Records from a collection:
+ + + + +

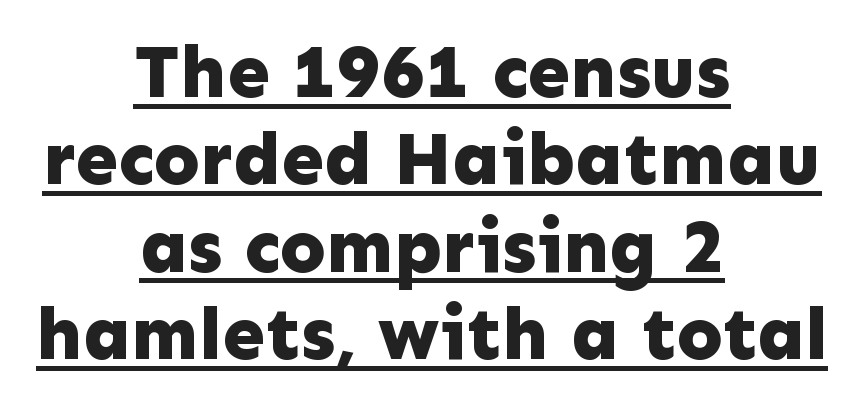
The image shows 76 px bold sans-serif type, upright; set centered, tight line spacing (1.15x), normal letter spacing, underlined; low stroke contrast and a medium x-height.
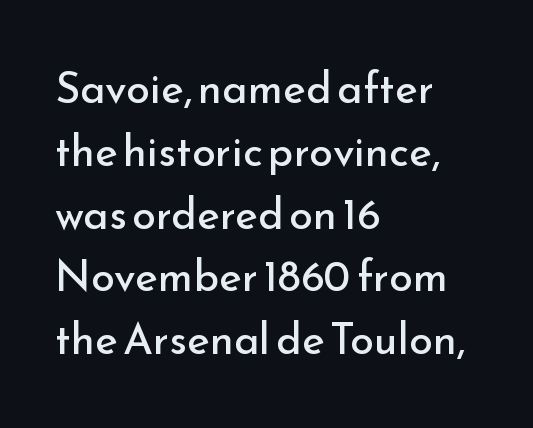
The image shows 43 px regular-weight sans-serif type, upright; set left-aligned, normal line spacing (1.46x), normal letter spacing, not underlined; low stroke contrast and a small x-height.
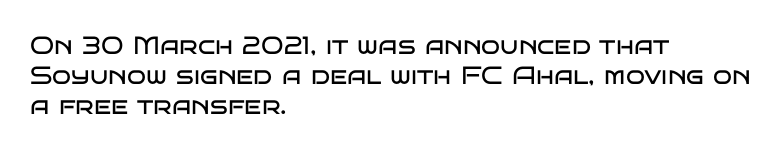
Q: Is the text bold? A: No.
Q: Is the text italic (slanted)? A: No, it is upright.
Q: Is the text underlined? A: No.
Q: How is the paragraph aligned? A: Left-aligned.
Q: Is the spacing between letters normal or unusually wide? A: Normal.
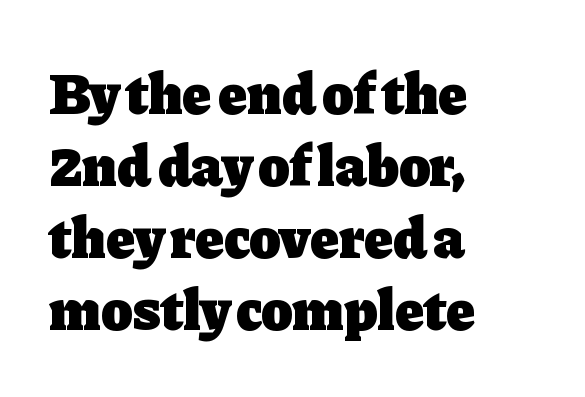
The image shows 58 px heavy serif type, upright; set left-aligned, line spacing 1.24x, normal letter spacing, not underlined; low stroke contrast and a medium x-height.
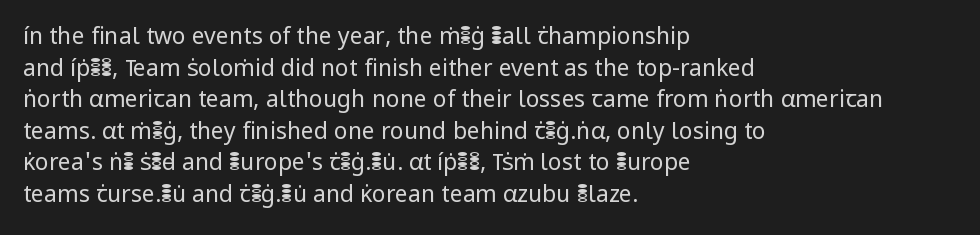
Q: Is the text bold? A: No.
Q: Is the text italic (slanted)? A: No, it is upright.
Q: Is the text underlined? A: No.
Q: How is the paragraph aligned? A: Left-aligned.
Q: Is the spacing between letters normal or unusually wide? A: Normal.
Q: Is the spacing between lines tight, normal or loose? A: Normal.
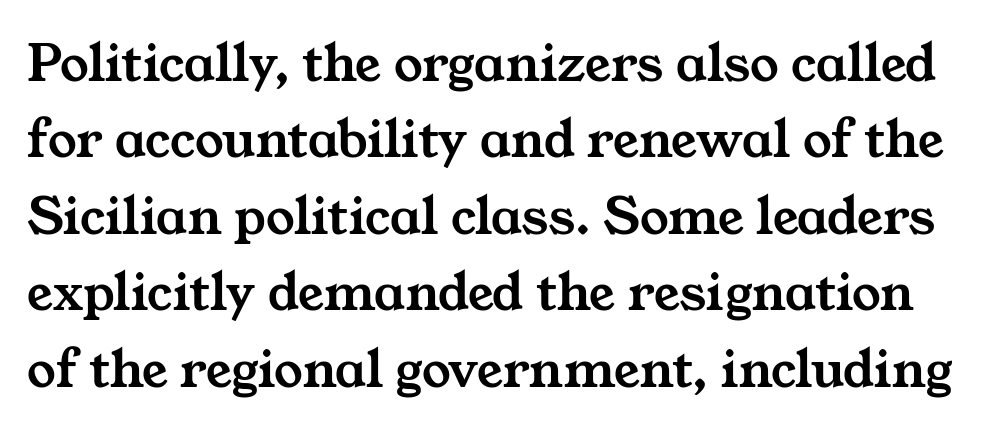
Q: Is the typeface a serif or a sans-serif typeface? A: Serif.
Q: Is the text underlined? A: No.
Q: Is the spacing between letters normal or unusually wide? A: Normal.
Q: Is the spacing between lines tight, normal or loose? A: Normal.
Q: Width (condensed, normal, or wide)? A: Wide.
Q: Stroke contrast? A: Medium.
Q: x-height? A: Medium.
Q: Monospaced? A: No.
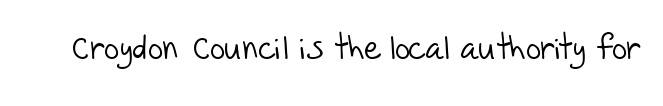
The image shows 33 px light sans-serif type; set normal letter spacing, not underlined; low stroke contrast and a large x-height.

+ + + + +

§ TASK PROMPT: Return all the data exactly, pictures omitted.

§ PROBLEM SOLUTION:
The image shows 76 px bold sans-serif type, upright; set centered, tight line spacing (1.15x), normal letter spacing, underlined; low stroke contrast and a medium x-height.
The image shows 43 px regular-weight sans-serif type, upright; set left-aligned, normal line spacing (1.46x), normal letter spacing, not underlined; low stroke contrast and a small x-height.
Q: Is the text bold? A: No.
Q: Is the text italic (slanted)? A: No, it is upright.
Q: Is the text underlined? A: No.
Q: How is the paragraph aligned? A: Left-aligned.
Q: Is the spacing between letters normal or unusually wide? A: Normal.
The image shows 58 px heavy serif type, upright; set left-aligned, line spacing 1.24x, normal letter spacing, not underlined; low stroke contrast and a medium x-height.
Q: Is the text bold? A: No.
Q: Is the text italic (slanted)? A: No, it is upright.
Q: Is the text underlined? A: No.
Q: How is the paragraph aligned? A: Left-aligned.
Q: Is the spacing between letters normal or unusually wide? A: Normal.
Q: Is the spacing between lines tight, normal or loose? A: Normal.
Q: Is the typeface a serif or a sans-serif typeface? A: Serif.
Q: Is the text underlined? A: No.
Q: Is the spacing between letters normal or unusually wide? A: Normal.
Q: Is the spacing between lines tight, normal or loose? A: Normal.
Q: Width (condensed, normal, or wide)? A: Wide.
Q: Stroke contrast? A: Medium.
Q: x-height? A: Medium.
Q: Monospaced? A: No.
The image shows 33 px light sans-serif type; set normal letter spacing, not underlined; low stroke contrast and a large x-height.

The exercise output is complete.